What do all of you use for yardages? Do you shoot 5? shoot 3? 30 and 60? 30 and 80?

Arrow


----------



## IGluIt4U (Sep 22, 2004)

I shoot mine thru a chrono.. then print the tapes, and test to be sure they are right... at 80... :wink: If they are right at 80, they should be correct all the way down the line.. more or less.


----------



## Brown Hornet (Aug 8, 2002)

It depends on what I feel my GOOD marks that I shot in where....

But I don't use 20yds if that is what you are asking :wink:

Usu sally I don't use a mark under 35-40yds. At 20yds the margin for error is HUGE. So I shoot and get marks 20-30-40-50-60...then go shoot a half...and fine tune and get at least 3 solid yardages.
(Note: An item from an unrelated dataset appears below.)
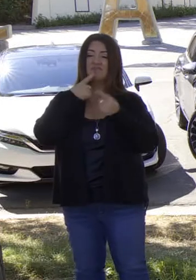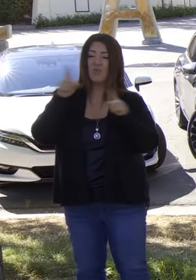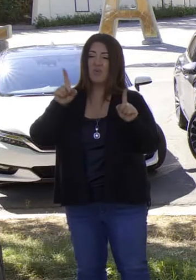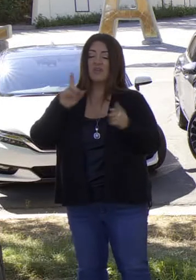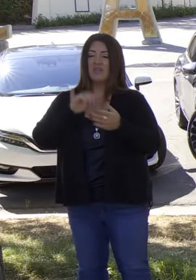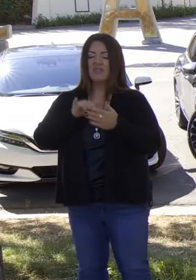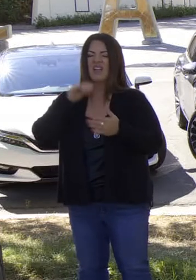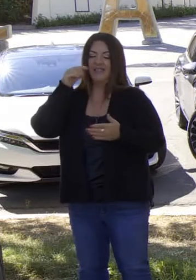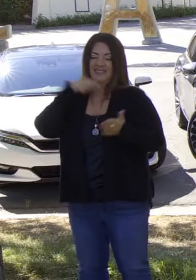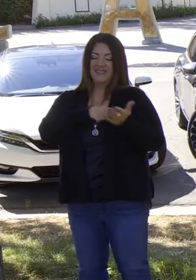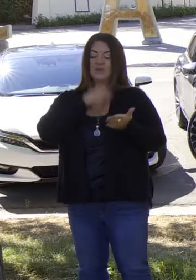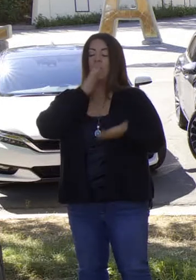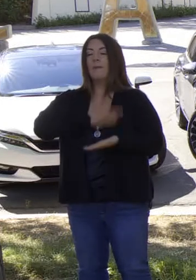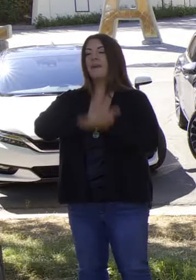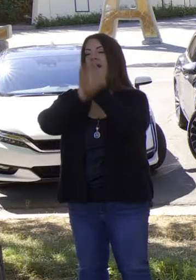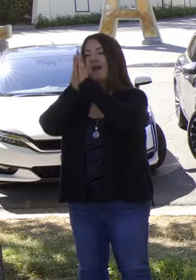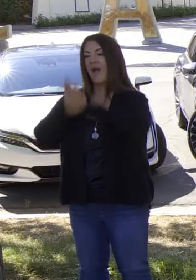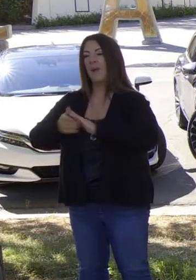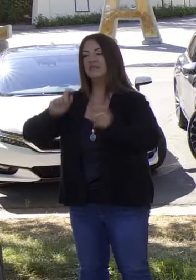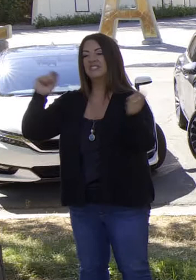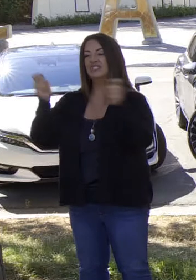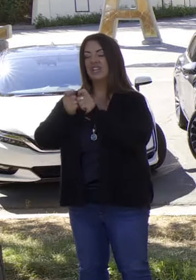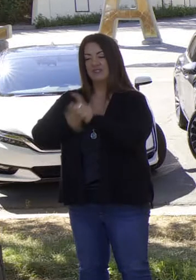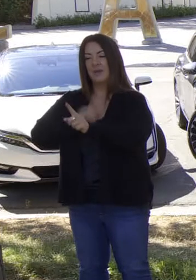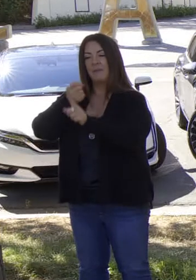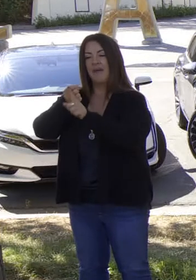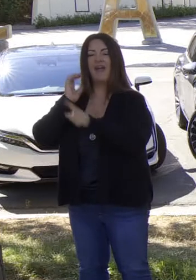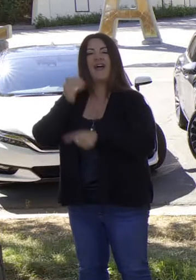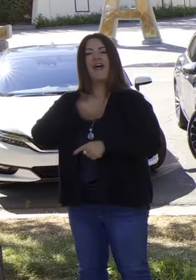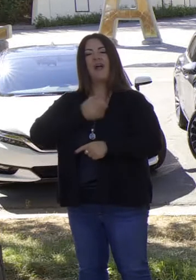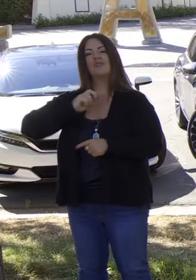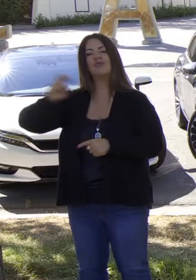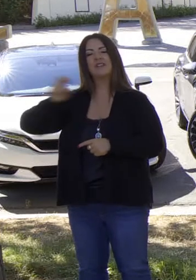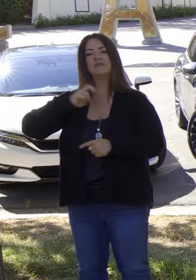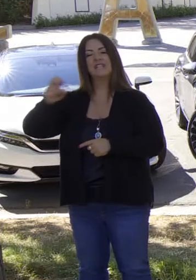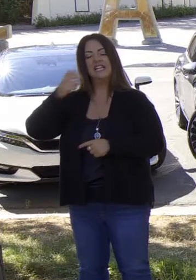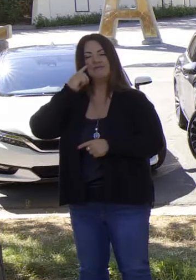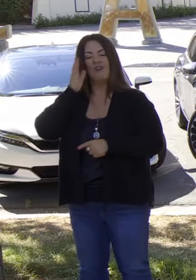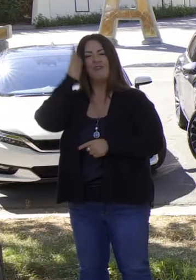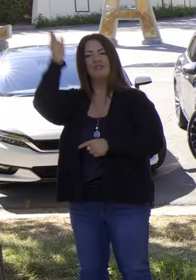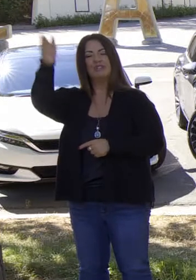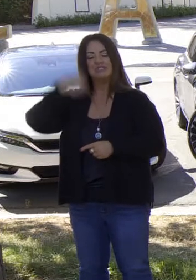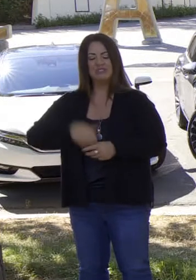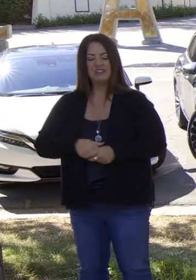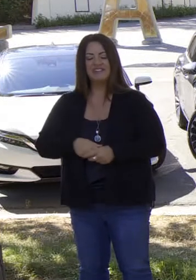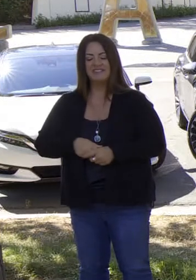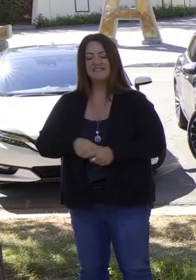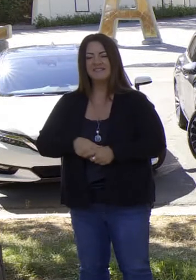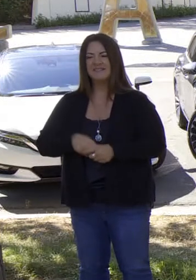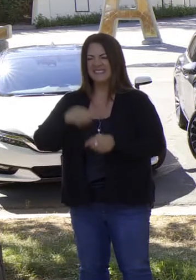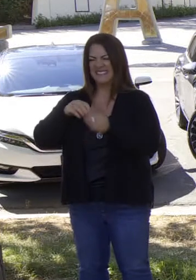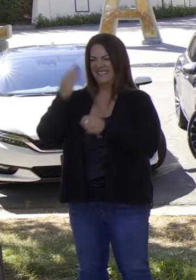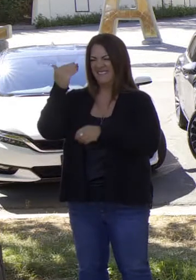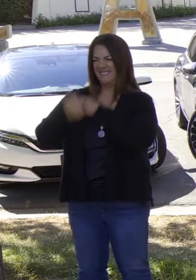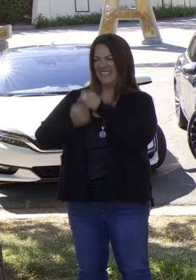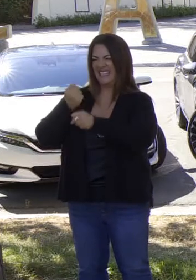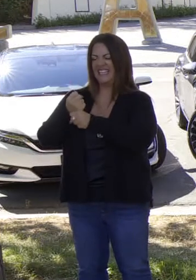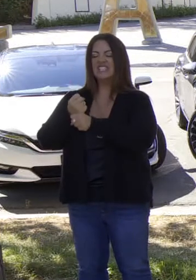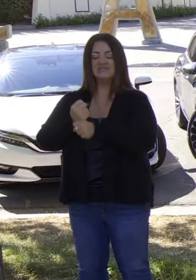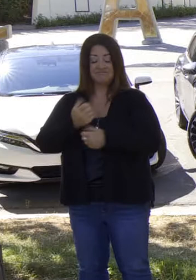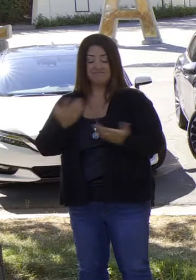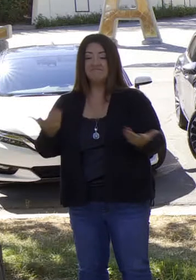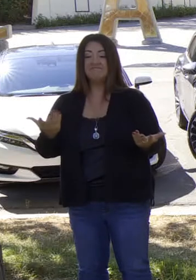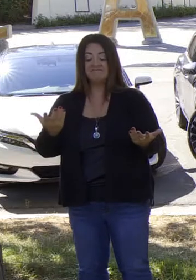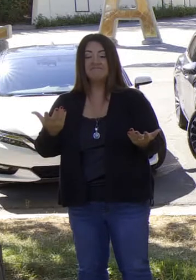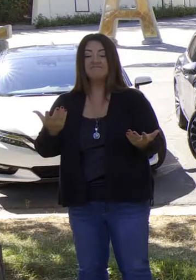el cuadro de transporte en California completamente.

I don't care what they are....35-50-65....40-50-70...it doesn't really matter.

Then put them in OT2 and print out a sight card...not a tape...then do it again...to fine tune the marks.

In between getting the initial marks and putting them in OT2 sometimes I will do this over a couple weeks tweaking and fine tuning...


----------



## field14 (May 21, 2002)

I site in dead on the line with a 3/4" wide horizontal tape at 30 yards and a 1.5" wide horizontal tape at 60 or 65 yards. I also chronnie the bow and make sure that is in the program too.

Siting in on the horizontal line takes "guess-work" out of a setting....with my bow, I can still be in the "X-ring" on a 30-yard target at 30 yards and very by 14 clicks on the site..>NOT CLOSE ENOUGH, IMHO.

So, with the horizontal line method....I can get it down a LOT closer than that.

Always remember...garbage in, garbage out...those tapes are only as good as the "numbers" you put into the computer program.

field14

field14


----------



## Arrow (Aug 30, 2002)

Thaks folks. I had not though of the tape line or even using a reference card to check all of the yardages.

Arrow


----------



## AKDoug (Aug 27, 2003)

I do the same as Brown Hornet. Try as I might I was never able to get a sight tape from two or three marks ..or using a chrony. I just shot my bow in at every ten yards from 30 on out...then generated a card for the inbetween distances.


----------



## jarlicker (Jul 29, 2002)

I will shoot in a perfect 65 or 80 yard mark. Use that. Then shoot in a 25 yard mark. Program that in. Test the mark by shooting my 20 foot shot. If off at all. I will get a perfect 20 foot mark then tweak my 25 yard mark until the computure gives me that same 20 foot mark I shot in. Then I have a perfect set of marks. Then I write em.


----------



## RchurE (Mar 20, 2007)

I went on Field14's advice last year and used the horizontal tape method and solved all my woes. Since then I've came up with my own variation of it and I only use 20 and 30 yards to do it. 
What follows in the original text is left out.